Applicable Project Rules For Responding To A COVID-19 Case

Initially, it is important to understand the required steps if someone on a construction project gets COVID-19. Each municipality has its own rules and procedures, so those governing the location of a project must be consulted. By way of example, according to Santa Clara County Large Construction Project Safety Protocol 2k – “In the event of a confirmed case of COVID 19 at any jobsite, the following must take place:

  1. Immediately remove the infected individual from jobsite with directions to seek medical care.
  2. Each location the infected worker was at must be decontaminated and sanitized by an outside vendor certified in hazmat cleanups, and work in these locations must cease until decontamination and sanitization is complete.
  3. The County Public Health Department must be notified immediately and any additional requirements per the County health officials must be completed, including full compliance with any tracing efforts by the County.”
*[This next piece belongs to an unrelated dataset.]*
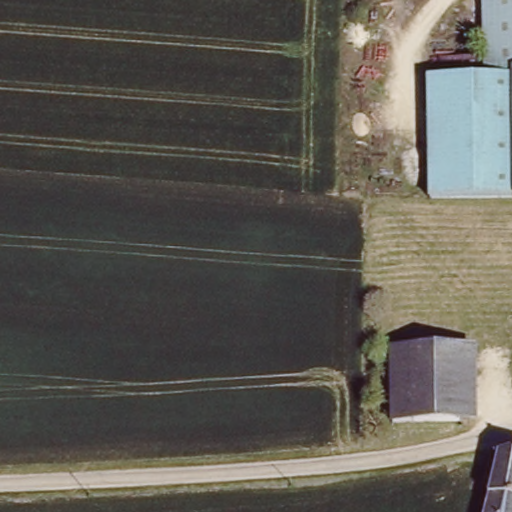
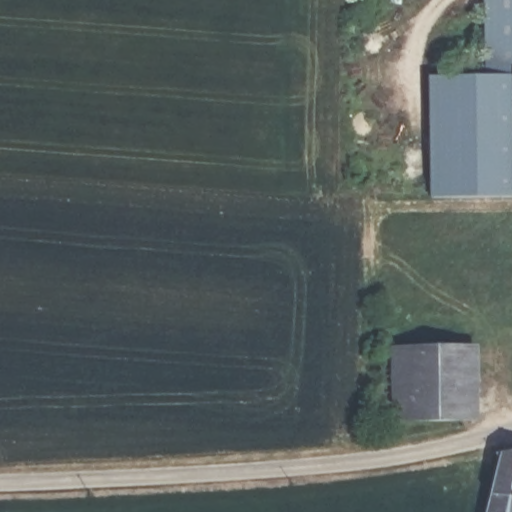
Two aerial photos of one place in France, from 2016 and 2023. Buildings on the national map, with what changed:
unchanged [(493,69),(493,0),(512,0),(512,70),(493,69)]
unchanged [(434,203),(436,69),(493,69),(512,70),(512,202),(434,203)]
unchanged [(462,346),(460,423),(393,422),(395,344),(462,346)]
unchanged [(500,458),(499,455),(512,453),(512,512),(486,512),(500,458)]

In addition, according to the Cal-OSHA COVID-19 Industry Guidance: Construction Guidelines require that the Worksite Specific Plan include provisions to investigate the incident (a confirmed case of COVID-19 on the jobsite) to determine if “any work related factors could have contributed to the risk of infection.” Pending that determination, responsibility will first fall upon the GC to take action necessary to protect the Project from threatened harm.
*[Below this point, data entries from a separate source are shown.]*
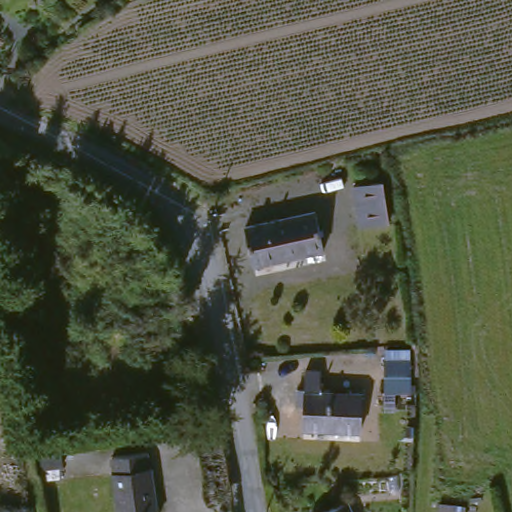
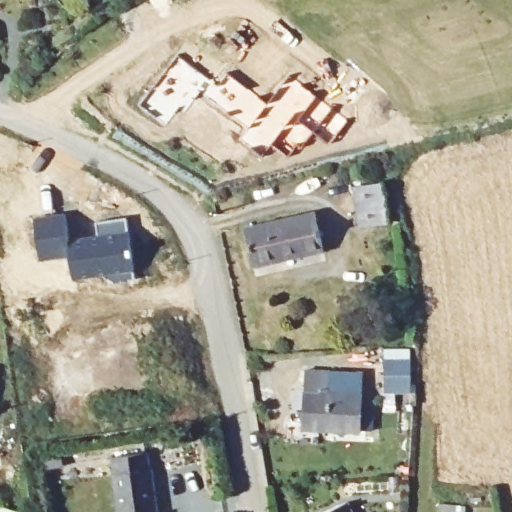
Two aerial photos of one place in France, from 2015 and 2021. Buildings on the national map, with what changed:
unchanged [(0,27),(2,40),(0,40),(0,28),(0,27)]
unchanged [(383,182),(390,222),(360,226),(353,187),(383,182)]
unchanged [(315,212),(323,252),(285,260),(285,258),(253,265),(245,228),(315,212)]
new [(65,214),(69,240),(98,235),(96,221),(127,216),(135,278),(114,281),(102,273),(74,276),(70,255),(40,258),(34,218),(65,214)]
unchanged [(416,360),(416,391),(390,391),(390,360),(416,360)]
unchanged [(365,375),(365,430),(308,428),(311,370),(365,375)]
unchanged [(119,469),(117,453),(148,450),(151,465),(155,465),(161,512),(120,512),(114,468),(119,469)]
unchanged [(44,456),(46,469),(22,471),(20,459),(44,456)]
unchanged [(347,502),(351,512),(324,512),(347,502)]

Handling Cost and Schedule Impacts Under Existing Contracts

With respect to contracts executed BC-19 (i.e., before Covid-19 so that the parties could not negotiate for specific provisions to address this circumstance), several key contract terms should be considered for guidance (e.g., from AIA Form A-201 General Conditions), including the following:

  • Pursuant to §10.4 of A-201, the GC is obligated to take “Emergency” action to protect “Property,” and is authorized to bill the Owner for doing so without notice or prior approval.

  • Under §3.7.2 of A-201, the GC is required to comply with all laws at its expense, which could include SIP Orders and related Safety Protocols triggered by a COVID-19 case on a project.

  • A GC may pursue a change order under §§ 3.2.2 and 3.7.4 of A-201, because new laws/ordinances imposed due to the COVID-19 pandemic may constitute qualifying “changed conditions.”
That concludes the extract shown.